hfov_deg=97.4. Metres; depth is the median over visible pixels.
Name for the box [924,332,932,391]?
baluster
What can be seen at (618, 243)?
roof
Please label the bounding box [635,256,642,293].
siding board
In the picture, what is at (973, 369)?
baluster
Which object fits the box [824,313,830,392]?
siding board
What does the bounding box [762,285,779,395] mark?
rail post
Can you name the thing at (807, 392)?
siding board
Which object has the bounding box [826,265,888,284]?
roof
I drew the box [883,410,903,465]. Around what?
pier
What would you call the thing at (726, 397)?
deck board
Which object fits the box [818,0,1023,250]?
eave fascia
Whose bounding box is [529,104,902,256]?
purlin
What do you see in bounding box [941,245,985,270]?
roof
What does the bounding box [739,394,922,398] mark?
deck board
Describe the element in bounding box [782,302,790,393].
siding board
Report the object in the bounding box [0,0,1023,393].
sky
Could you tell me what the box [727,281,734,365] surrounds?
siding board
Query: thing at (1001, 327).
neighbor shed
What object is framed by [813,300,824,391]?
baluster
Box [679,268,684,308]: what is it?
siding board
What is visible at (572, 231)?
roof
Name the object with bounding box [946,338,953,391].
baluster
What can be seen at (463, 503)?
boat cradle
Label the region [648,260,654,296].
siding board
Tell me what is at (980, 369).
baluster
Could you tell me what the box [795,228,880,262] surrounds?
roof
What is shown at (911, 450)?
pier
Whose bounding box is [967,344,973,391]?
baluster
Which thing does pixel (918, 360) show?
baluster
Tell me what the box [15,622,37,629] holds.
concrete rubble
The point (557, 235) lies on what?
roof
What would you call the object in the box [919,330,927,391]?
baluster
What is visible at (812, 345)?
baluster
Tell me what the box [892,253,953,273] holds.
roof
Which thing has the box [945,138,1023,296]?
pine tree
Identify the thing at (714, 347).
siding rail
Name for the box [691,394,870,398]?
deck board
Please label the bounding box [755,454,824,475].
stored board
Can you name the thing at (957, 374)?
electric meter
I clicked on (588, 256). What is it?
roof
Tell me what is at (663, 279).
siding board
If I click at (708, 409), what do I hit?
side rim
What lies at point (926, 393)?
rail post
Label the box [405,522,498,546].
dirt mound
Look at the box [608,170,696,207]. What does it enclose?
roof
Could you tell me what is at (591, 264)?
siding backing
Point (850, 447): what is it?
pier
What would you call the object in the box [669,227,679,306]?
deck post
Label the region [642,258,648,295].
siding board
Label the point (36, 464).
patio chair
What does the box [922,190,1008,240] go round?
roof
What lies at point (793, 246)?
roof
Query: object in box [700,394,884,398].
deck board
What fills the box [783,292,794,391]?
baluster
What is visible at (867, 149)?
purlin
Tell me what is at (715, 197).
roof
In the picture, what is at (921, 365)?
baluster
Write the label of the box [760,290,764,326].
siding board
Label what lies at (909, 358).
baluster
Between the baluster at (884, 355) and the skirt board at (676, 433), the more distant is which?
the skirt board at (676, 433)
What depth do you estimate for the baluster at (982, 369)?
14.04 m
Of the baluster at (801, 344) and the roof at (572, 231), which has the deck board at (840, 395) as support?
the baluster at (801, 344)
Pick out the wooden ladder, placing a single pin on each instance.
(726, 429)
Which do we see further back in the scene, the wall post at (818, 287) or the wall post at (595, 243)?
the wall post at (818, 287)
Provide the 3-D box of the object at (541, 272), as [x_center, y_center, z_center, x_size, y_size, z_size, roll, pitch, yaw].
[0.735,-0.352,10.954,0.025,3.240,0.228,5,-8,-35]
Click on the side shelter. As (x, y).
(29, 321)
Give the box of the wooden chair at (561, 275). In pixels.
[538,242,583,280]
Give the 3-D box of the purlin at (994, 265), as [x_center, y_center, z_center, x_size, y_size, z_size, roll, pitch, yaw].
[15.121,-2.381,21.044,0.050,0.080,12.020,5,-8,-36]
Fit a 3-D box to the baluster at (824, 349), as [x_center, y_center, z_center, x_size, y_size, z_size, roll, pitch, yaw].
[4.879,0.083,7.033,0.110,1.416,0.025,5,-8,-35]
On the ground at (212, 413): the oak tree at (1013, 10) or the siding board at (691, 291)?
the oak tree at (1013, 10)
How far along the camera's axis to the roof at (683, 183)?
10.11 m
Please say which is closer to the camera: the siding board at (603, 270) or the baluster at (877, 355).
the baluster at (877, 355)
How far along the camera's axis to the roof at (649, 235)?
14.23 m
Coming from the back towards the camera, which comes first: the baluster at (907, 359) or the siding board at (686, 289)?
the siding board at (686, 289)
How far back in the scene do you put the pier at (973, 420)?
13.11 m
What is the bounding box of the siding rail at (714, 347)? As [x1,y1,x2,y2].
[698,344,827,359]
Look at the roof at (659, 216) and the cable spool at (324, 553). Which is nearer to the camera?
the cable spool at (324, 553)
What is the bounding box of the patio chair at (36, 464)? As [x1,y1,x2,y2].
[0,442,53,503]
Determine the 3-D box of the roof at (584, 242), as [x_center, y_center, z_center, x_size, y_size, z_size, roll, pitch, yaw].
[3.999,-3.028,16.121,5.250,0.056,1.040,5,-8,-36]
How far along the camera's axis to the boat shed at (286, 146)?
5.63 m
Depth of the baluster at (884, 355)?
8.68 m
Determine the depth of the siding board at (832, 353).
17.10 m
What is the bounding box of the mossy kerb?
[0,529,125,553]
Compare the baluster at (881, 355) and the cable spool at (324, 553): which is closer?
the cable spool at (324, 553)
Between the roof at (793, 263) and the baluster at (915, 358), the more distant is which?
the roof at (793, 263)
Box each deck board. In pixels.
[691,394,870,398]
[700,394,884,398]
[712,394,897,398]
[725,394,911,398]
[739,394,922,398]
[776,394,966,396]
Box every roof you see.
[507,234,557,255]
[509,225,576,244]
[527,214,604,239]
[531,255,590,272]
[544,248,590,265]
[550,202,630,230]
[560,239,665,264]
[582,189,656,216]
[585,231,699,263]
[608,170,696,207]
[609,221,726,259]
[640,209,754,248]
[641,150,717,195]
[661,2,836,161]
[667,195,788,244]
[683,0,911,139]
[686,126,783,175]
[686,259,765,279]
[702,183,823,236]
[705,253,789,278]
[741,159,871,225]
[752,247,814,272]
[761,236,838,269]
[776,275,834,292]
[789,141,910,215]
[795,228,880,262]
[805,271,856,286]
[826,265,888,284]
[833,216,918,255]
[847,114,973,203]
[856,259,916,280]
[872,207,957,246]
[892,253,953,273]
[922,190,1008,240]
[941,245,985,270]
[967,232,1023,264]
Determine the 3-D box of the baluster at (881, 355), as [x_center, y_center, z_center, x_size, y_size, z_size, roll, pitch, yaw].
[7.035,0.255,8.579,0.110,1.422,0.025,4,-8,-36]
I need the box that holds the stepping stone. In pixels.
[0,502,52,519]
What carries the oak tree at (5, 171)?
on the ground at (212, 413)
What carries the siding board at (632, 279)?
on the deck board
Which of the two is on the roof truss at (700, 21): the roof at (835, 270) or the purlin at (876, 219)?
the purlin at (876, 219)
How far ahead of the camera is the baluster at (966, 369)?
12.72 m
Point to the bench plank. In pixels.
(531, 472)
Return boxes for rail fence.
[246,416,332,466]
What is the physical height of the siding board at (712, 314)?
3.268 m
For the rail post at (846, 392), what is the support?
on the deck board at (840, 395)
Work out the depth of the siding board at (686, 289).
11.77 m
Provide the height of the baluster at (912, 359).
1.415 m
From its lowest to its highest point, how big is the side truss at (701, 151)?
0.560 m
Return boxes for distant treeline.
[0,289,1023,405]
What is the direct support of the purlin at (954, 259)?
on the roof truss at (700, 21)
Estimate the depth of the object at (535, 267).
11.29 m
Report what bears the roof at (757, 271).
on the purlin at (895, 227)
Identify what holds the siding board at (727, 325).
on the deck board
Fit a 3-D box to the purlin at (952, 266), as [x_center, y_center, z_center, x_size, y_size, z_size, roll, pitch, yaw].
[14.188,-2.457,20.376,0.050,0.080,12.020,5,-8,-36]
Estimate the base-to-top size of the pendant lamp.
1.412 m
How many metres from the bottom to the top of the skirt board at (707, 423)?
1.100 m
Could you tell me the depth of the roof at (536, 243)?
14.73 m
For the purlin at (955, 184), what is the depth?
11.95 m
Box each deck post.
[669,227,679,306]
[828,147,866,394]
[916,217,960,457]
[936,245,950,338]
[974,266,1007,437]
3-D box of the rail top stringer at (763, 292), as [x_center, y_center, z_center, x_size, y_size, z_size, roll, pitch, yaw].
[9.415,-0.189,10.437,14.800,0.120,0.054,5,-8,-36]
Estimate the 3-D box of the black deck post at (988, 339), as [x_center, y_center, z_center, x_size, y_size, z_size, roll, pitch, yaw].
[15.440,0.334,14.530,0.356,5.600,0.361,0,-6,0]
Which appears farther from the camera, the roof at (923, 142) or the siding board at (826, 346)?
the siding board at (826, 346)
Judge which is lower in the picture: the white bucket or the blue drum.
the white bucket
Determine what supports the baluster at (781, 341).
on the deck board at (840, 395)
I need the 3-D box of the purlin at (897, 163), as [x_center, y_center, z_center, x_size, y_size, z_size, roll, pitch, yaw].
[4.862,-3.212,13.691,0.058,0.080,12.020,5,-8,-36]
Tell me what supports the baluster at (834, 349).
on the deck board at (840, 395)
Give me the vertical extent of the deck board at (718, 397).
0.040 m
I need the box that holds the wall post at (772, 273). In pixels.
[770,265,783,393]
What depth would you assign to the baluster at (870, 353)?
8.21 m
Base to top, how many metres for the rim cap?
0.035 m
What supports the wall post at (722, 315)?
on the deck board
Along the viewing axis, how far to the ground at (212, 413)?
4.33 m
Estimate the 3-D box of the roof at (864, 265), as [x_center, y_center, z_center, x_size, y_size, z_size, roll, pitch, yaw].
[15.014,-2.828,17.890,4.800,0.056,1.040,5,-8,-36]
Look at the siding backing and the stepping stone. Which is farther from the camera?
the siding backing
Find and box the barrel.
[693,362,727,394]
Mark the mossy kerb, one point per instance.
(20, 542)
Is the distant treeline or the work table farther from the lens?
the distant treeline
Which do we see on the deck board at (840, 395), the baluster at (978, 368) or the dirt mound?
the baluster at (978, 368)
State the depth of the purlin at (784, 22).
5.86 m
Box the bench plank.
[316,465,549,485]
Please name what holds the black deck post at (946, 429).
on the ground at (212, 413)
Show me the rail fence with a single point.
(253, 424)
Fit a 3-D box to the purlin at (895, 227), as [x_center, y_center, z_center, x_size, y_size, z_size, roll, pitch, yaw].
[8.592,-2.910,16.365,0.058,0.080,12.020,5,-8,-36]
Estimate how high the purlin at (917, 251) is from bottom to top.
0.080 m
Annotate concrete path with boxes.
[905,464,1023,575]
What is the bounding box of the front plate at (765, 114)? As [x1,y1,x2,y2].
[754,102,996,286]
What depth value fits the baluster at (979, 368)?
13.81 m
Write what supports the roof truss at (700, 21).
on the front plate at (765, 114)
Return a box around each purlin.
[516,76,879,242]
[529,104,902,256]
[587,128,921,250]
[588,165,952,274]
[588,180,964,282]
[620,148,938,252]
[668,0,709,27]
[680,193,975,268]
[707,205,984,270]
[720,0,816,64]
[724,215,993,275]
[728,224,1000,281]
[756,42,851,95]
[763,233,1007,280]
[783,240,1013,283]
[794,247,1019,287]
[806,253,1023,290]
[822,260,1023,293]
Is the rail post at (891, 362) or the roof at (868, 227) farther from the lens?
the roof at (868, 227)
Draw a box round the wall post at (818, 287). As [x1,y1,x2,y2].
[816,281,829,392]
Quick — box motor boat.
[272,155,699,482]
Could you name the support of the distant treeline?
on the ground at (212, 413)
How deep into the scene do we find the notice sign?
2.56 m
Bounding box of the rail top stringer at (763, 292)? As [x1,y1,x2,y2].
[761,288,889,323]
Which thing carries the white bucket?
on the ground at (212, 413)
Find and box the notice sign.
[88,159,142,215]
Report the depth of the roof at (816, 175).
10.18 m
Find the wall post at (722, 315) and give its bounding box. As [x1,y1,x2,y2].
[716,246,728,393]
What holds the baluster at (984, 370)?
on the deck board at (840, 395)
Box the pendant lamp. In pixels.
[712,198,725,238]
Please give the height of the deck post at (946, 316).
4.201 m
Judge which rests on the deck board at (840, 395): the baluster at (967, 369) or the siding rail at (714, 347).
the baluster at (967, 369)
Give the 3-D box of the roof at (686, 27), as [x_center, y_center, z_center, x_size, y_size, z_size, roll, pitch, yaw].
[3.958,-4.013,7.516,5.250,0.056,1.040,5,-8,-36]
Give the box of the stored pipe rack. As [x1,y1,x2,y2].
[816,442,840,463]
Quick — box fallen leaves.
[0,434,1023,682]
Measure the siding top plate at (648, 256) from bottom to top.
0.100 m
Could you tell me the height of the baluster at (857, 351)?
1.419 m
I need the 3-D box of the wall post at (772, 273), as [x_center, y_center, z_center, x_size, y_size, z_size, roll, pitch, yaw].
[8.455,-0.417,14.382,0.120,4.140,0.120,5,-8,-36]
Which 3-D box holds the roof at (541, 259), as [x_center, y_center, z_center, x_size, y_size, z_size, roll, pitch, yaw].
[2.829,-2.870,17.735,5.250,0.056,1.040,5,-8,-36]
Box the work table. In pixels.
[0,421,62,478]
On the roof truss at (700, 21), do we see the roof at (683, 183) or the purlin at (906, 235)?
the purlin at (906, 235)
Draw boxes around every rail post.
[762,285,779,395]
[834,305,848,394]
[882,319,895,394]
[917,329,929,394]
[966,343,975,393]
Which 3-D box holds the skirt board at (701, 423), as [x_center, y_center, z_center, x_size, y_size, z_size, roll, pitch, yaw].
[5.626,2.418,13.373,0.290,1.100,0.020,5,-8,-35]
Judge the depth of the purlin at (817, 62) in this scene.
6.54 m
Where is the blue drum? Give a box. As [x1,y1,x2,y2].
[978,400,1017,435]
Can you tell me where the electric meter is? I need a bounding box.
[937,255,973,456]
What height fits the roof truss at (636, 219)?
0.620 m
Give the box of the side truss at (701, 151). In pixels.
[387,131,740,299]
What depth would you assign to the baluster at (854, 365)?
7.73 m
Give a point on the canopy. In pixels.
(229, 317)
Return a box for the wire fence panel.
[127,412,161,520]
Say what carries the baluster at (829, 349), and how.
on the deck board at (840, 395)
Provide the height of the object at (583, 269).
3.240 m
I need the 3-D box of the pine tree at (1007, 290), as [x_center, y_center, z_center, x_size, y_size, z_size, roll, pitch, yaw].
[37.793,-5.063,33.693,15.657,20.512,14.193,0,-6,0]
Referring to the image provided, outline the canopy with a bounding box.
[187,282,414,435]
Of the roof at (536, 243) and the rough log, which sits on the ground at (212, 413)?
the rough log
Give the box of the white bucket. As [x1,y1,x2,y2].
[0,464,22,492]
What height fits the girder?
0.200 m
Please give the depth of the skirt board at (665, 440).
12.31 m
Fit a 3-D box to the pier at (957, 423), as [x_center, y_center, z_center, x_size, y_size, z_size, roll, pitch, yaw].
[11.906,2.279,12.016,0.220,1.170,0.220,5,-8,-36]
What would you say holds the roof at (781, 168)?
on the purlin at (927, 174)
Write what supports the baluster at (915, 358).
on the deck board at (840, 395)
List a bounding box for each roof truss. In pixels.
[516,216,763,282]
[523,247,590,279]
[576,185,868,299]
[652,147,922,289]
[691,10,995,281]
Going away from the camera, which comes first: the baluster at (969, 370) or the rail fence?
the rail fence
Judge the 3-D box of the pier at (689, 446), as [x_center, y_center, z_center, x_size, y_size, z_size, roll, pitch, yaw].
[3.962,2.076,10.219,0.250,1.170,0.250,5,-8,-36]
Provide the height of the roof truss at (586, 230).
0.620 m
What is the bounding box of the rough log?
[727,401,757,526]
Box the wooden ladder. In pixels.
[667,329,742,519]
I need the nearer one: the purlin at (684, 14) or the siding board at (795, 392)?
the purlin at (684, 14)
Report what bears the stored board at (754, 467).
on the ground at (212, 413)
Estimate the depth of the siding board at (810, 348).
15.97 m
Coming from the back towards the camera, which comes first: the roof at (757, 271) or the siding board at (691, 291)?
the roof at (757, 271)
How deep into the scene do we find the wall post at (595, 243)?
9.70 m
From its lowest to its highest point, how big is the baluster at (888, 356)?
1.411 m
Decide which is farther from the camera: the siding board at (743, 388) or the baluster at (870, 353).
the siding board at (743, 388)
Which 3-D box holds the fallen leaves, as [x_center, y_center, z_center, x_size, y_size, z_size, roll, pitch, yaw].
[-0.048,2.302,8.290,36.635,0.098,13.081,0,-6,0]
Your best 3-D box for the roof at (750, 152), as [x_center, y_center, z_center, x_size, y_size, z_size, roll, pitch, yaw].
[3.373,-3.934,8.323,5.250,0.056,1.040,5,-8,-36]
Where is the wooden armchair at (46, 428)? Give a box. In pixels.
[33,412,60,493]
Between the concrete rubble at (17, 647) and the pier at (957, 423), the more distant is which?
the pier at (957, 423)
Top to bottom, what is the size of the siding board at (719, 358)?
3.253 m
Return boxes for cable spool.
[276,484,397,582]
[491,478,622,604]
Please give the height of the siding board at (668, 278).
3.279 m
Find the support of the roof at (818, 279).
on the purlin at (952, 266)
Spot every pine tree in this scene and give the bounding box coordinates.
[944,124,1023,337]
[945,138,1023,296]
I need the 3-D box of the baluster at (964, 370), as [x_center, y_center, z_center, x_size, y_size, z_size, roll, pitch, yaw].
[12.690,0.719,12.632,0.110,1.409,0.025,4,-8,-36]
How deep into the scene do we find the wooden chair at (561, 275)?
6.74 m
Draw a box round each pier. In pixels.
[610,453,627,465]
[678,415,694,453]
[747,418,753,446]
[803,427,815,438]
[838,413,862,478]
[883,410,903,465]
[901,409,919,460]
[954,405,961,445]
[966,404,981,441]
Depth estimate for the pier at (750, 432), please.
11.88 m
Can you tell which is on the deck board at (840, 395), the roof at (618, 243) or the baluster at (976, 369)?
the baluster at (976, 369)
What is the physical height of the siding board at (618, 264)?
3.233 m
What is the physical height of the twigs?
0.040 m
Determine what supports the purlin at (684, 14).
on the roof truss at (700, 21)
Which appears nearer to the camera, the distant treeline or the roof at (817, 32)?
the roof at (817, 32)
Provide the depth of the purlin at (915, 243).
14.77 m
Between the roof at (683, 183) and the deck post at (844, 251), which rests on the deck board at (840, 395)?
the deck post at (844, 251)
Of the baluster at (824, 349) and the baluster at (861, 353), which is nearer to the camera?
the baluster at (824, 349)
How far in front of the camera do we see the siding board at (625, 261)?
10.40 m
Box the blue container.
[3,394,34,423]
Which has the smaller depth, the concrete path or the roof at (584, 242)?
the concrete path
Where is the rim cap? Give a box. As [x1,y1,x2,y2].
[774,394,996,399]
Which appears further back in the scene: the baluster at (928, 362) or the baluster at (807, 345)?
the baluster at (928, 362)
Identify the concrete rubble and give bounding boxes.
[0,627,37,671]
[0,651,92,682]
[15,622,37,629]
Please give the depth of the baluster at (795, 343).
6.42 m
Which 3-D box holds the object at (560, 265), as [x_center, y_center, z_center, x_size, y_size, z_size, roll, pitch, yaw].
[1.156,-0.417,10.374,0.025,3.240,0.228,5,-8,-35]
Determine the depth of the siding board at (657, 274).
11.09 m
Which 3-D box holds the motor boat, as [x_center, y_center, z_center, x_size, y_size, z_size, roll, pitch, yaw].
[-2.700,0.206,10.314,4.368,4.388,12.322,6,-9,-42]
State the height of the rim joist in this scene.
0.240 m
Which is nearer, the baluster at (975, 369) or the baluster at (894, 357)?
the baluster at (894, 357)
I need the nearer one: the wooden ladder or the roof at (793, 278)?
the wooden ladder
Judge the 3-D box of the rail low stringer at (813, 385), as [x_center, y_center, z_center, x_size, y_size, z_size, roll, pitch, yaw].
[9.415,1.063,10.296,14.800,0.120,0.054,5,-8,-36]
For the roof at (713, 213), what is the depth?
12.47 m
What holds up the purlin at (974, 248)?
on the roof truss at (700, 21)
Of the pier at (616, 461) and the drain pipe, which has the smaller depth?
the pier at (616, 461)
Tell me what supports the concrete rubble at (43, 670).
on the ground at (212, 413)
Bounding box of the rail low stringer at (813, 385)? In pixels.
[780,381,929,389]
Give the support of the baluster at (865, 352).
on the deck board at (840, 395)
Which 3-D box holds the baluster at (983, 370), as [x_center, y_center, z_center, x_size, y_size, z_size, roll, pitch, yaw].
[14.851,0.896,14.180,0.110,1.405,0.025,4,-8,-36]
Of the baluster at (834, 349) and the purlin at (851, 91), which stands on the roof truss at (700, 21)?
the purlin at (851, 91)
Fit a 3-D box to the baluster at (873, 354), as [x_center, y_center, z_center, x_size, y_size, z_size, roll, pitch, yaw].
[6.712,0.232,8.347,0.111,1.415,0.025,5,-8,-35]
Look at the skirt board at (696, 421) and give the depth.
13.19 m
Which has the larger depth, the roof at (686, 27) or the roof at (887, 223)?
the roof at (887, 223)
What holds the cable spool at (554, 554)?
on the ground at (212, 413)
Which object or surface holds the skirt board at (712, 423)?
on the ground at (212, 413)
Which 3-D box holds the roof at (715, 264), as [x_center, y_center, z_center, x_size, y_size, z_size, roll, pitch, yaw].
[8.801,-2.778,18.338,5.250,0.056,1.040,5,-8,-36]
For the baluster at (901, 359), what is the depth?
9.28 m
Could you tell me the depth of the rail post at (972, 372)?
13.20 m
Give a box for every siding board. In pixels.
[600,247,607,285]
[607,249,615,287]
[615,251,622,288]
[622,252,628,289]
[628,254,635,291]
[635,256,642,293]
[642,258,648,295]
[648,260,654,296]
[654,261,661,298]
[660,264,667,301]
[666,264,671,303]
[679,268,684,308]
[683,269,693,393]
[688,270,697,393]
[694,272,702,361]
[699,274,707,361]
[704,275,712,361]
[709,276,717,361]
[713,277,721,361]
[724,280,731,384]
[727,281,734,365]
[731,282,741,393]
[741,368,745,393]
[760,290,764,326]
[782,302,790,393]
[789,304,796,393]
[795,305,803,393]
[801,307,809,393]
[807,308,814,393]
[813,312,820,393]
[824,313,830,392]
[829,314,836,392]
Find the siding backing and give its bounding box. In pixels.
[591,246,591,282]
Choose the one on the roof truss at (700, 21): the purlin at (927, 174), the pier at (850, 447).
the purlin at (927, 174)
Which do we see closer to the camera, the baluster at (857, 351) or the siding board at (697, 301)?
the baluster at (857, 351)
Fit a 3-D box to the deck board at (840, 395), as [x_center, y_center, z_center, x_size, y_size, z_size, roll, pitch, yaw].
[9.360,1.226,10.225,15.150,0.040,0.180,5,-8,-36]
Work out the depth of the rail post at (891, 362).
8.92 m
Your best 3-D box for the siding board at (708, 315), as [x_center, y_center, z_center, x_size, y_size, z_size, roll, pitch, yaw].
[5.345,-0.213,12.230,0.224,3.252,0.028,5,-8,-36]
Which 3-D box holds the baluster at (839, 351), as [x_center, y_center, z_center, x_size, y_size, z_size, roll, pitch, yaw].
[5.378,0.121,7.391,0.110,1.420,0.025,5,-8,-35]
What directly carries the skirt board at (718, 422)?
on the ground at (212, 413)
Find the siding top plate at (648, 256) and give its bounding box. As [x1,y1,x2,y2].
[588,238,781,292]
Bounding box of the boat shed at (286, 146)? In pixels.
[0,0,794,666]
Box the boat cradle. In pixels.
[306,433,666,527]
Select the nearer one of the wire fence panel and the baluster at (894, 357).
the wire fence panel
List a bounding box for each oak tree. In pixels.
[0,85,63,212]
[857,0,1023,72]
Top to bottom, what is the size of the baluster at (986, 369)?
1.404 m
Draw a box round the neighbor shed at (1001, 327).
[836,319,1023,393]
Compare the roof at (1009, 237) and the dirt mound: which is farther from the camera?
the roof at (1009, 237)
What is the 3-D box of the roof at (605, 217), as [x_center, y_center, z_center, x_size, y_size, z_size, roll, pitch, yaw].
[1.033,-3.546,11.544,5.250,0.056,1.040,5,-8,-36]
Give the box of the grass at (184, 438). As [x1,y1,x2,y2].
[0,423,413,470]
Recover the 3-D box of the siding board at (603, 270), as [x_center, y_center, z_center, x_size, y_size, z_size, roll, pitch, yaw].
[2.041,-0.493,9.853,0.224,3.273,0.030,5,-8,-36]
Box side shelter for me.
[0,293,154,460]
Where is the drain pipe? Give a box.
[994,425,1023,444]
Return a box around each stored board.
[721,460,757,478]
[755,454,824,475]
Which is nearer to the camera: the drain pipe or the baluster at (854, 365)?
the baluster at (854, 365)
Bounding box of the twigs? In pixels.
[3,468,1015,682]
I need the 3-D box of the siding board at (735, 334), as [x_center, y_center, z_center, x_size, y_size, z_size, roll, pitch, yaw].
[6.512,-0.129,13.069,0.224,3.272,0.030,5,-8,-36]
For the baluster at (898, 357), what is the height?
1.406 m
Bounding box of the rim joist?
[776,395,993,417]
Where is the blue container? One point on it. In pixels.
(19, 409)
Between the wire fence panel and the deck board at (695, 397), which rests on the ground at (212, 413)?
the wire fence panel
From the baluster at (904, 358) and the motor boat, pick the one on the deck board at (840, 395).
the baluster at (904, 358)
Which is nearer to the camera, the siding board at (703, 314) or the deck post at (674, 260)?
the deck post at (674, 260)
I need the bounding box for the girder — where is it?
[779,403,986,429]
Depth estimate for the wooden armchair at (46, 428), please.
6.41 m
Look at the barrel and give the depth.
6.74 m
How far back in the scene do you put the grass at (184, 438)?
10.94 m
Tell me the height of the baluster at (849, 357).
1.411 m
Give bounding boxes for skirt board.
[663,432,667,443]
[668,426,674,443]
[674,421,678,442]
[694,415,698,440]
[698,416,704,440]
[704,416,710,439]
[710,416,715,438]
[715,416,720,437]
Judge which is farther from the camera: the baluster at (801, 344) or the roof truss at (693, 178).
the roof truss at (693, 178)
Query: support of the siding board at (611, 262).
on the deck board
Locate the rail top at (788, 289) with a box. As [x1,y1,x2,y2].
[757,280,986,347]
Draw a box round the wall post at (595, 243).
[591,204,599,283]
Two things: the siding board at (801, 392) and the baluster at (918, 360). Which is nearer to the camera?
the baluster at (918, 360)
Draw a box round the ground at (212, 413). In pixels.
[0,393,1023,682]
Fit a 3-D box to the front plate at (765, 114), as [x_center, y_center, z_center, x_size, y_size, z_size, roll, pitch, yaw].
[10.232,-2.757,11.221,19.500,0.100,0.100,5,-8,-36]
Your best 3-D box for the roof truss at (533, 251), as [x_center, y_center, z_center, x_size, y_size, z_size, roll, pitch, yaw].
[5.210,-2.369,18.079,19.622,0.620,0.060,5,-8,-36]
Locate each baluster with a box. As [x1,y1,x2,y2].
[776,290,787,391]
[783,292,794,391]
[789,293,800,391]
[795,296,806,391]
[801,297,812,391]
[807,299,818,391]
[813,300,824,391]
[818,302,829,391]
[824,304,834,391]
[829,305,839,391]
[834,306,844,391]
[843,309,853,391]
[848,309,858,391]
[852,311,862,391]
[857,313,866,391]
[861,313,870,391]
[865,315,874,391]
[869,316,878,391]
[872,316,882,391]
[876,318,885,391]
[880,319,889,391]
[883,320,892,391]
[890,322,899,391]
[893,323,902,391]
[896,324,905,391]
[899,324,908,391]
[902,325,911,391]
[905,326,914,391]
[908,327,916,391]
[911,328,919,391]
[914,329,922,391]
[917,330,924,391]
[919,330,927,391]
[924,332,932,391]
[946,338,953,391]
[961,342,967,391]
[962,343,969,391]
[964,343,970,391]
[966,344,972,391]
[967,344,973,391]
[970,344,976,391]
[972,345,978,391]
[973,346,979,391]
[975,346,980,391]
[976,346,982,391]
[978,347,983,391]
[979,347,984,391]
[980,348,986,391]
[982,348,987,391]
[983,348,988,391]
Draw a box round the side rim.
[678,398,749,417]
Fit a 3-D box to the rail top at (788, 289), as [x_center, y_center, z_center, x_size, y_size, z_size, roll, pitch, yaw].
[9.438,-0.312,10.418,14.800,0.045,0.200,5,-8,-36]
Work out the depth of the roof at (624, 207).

════════

## What this task involves
Write down exactly the span of lines above from the one containing "What fills the box [783,292,794,391]?" to the one containing "[0.735,-0.352,10.954,0.025,3.240,0.228,5,-8,-35]", both ends included.

## Answer below
What fills the box [783,292,794,391]?
baluster
What is visible at (867, 149)?
purlin
Tell me what is at (715, 197).
roof
In the picture, what is at (921, 365)?
baluster
Write the label of the box [760,290,764,326].
siding board
Label what lies at (909, 358).
baluster
Between the baluster at (884, 355) and the skirt board at (676, 433), the more distant is which?
the skirt board at (676, 433)
What depth do you estimate for the baluster at (982, 369)?
14.04 m
Of the baluster at (801, 344) and the roof at (572, 231), which has the deck board at (840, 395) as support?
the baluster at (801, 344)
Pick out the wooden ladder, placing a single pin on each instance.
(726, 429)
Which do we see further back in the scene, the wall post at (818, 287) or the wall post at (595, 243)?
the wall post at (818, 287)
Provide the 3-D box of the object at (541, 272), as [x_center, y_center, z_center, x_size, y_size, z_size, roll, pitch, yaw].
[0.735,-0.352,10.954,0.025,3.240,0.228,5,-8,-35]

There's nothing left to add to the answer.